Utility stocks aren’t the fastest growing companies on earth. They are more of a “hold & get paid steady” type of holdings. Revenue usually grows with regulations pushing energy prices higher. Besides that, ED has little growth vector. Management expects its utility revenues (gas and electric) to increase at a CAGR of 5.5% through 2019.

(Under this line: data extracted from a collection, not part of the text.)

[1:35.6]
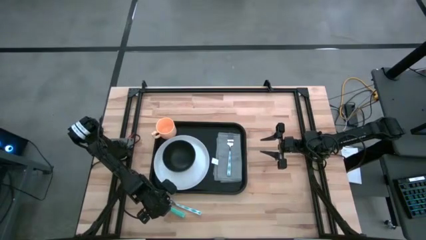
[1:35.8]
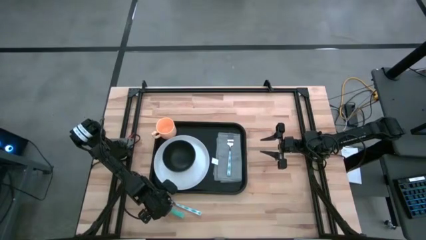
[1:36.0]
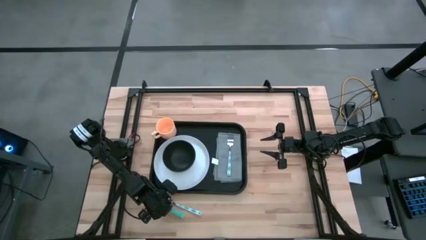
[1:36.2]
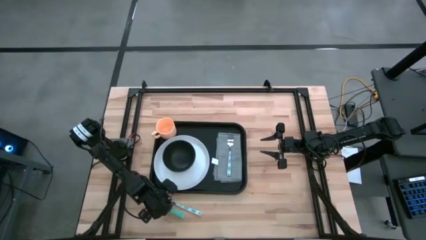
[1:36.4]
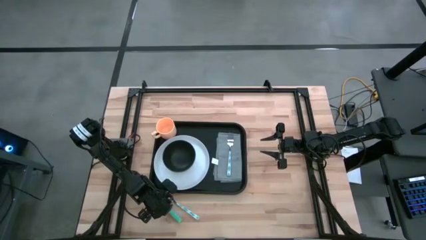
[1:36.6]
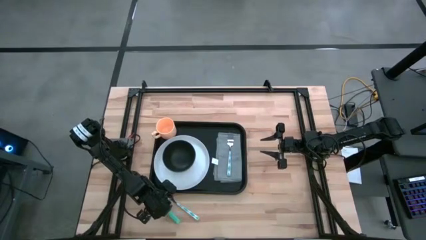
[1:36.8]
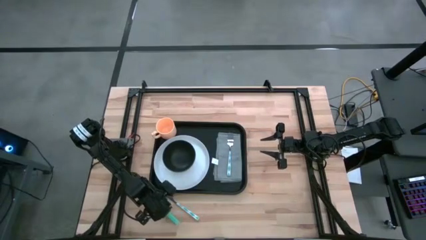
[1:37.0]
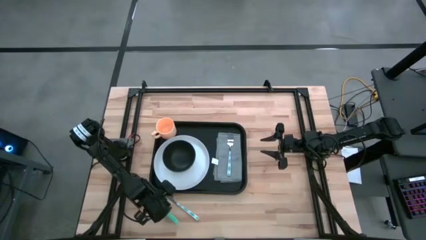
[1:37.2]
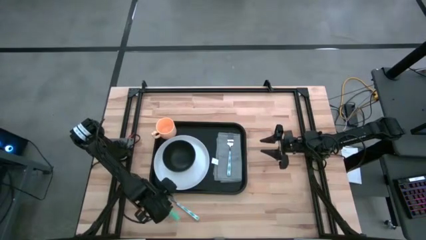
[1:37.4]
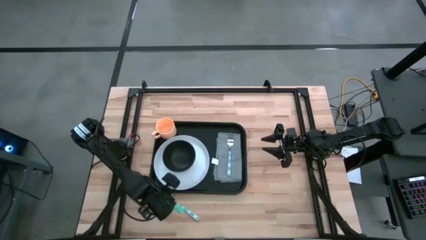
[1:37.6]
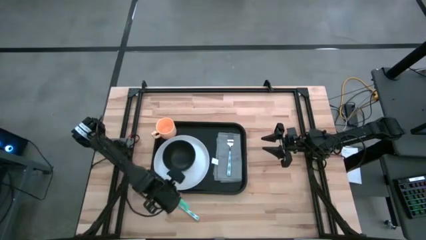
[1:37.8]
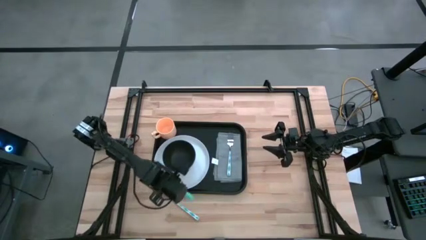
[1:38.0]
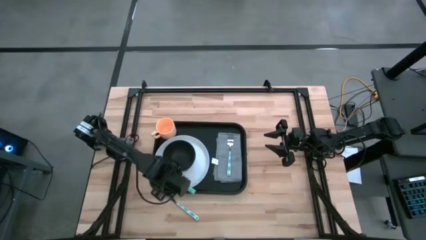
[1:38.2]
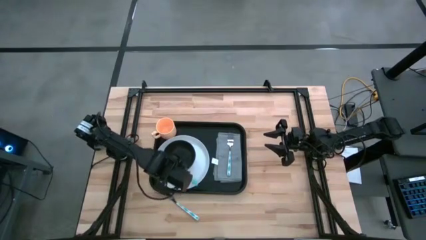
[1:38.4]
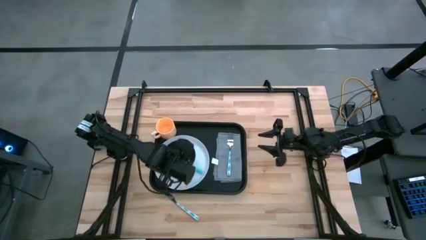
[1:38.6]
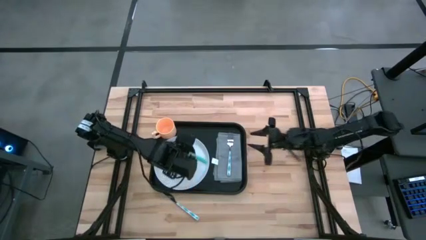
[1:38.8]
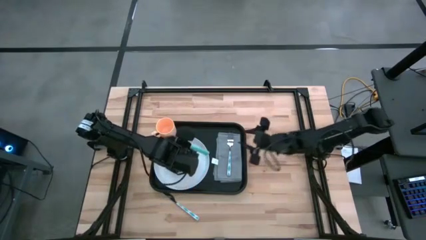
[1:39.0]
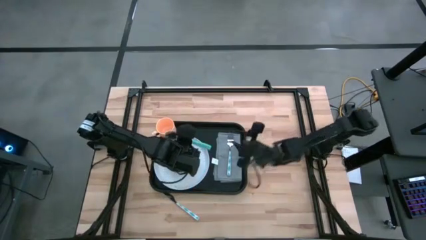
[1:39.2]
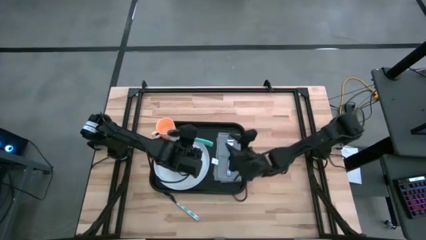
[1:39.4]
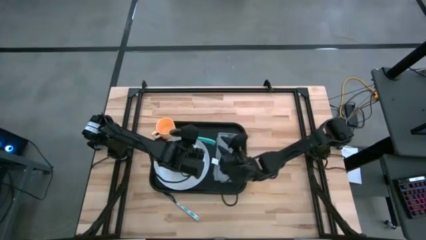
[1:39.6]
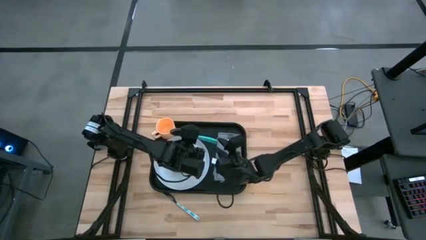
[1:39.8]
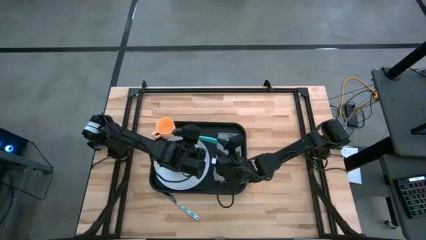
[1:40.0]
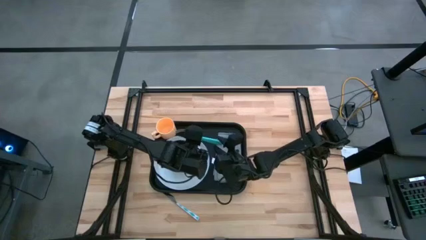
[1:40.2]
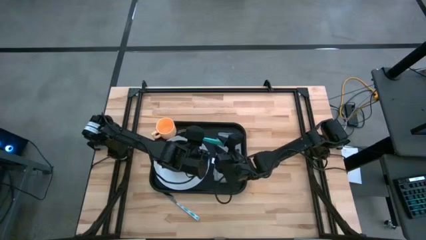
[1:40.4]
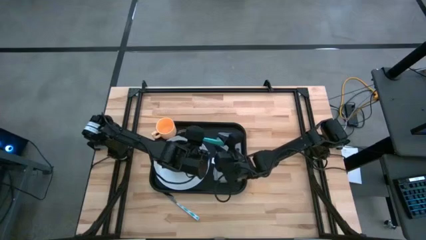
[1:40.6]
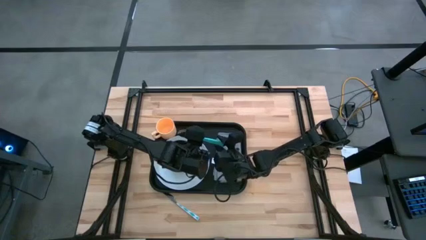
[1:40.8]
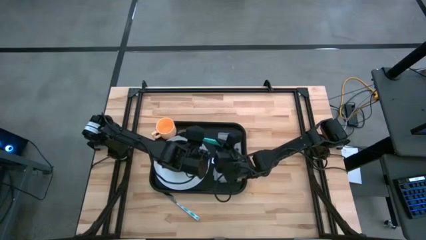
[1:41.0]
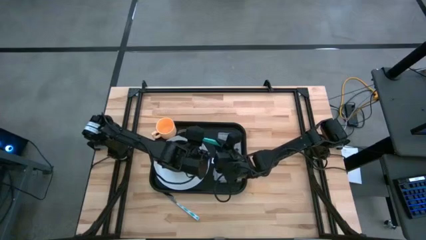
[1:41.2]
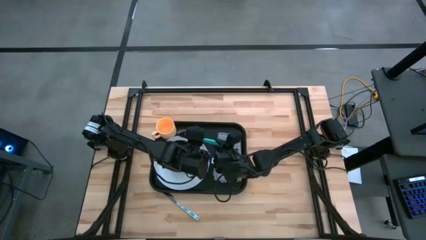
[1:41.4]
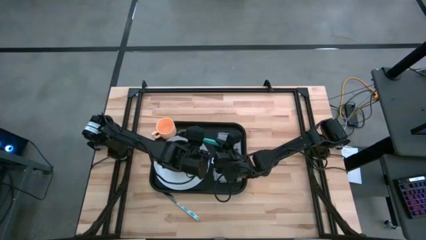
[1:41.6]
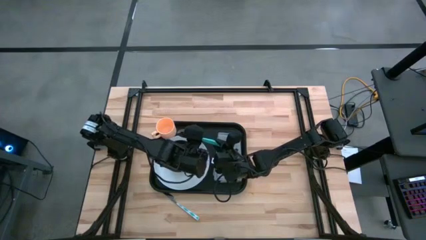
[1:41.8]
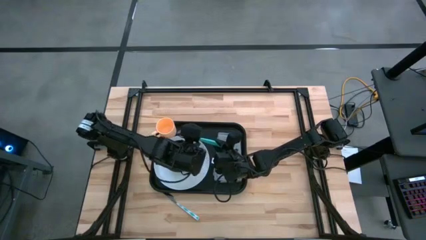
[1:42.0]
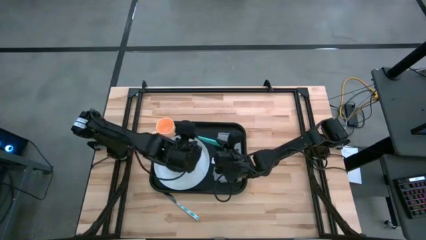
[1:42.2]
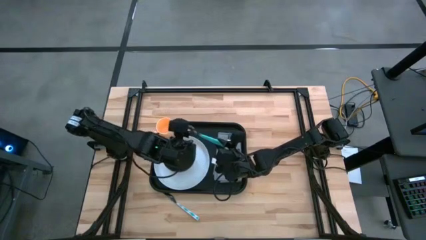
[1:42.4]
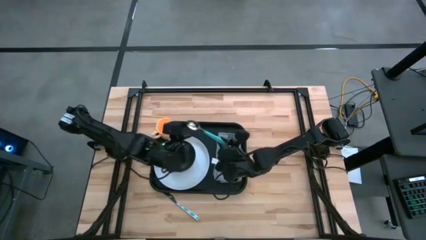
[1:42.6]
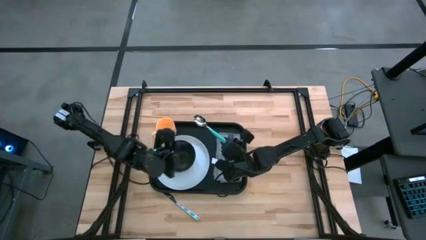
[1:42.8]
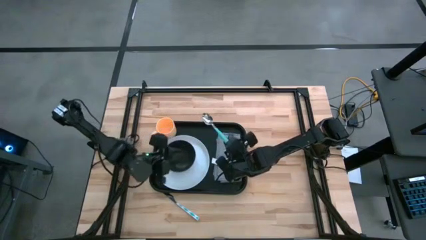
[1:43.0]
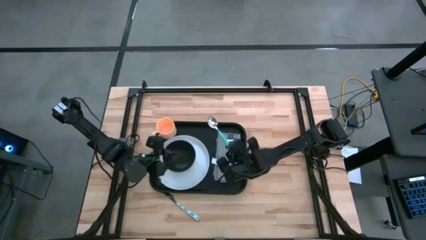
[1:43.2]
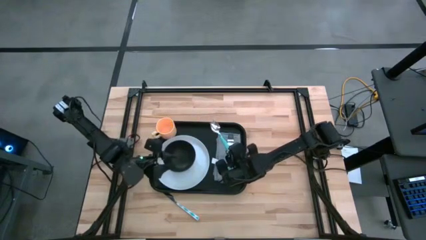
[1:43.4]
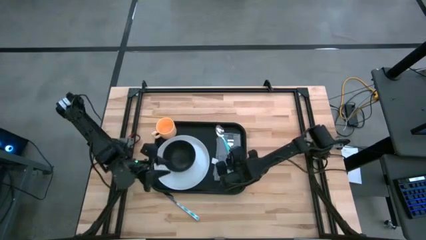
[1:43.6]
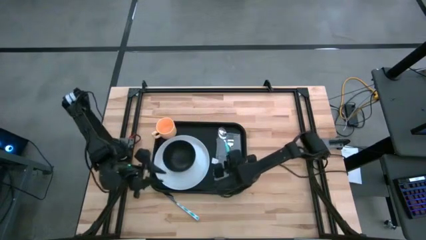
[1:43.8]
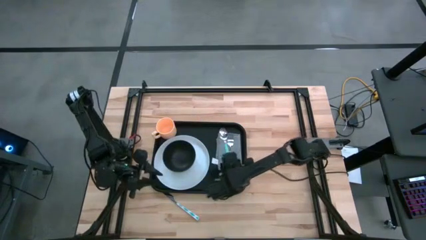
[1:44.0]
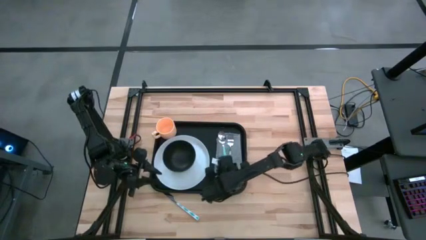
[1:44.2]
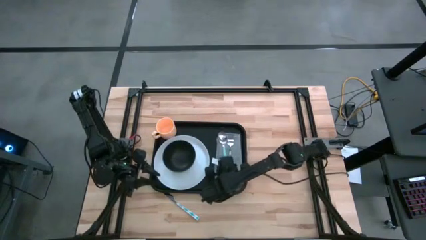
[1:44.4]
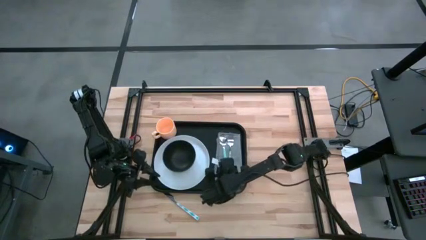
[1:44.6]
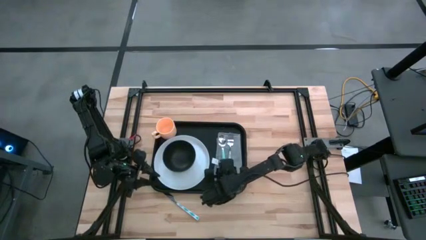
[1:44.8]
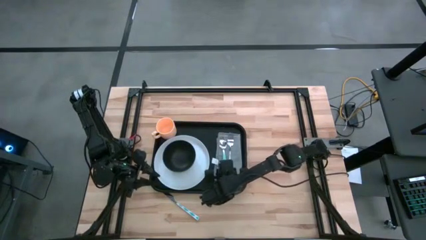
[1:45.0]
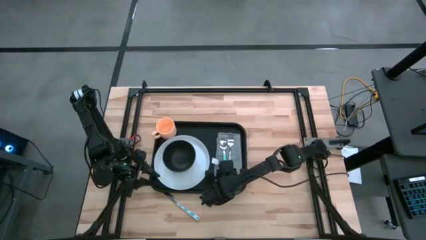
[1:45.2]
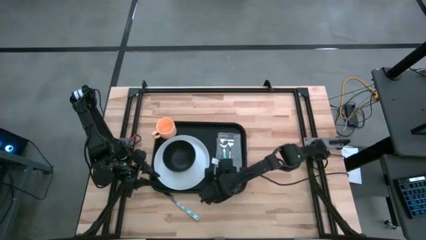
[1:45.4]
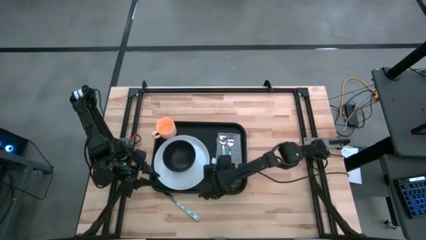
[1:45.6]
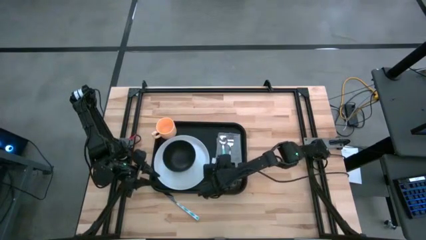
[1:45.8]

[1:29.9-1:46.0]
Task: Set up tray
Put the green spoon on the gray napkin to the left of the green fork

However, it has a 12.5% stake in a 303-mile pipeline called the Mountain Valley Pipeline. The MVP is a joint venture of EQT Midstream Partners (EQM), NextEra Energy (NEE), Con Edison, WGL Midstream and RGC Midstream.

Source: MVP

This natural gas pipeline is expected to start working toward the end of 2018. ED is also another participant in another natural gas pipeline named Stagecoach Gas Service.

Earnings

Source: Ycharts

The company has show steady earnings with a small uptrend since 2012. That is because ED is investing in its energy transmission and clean business in order to generate additional growth in the future. As you can see in the next chart, both are yet to become important contributors.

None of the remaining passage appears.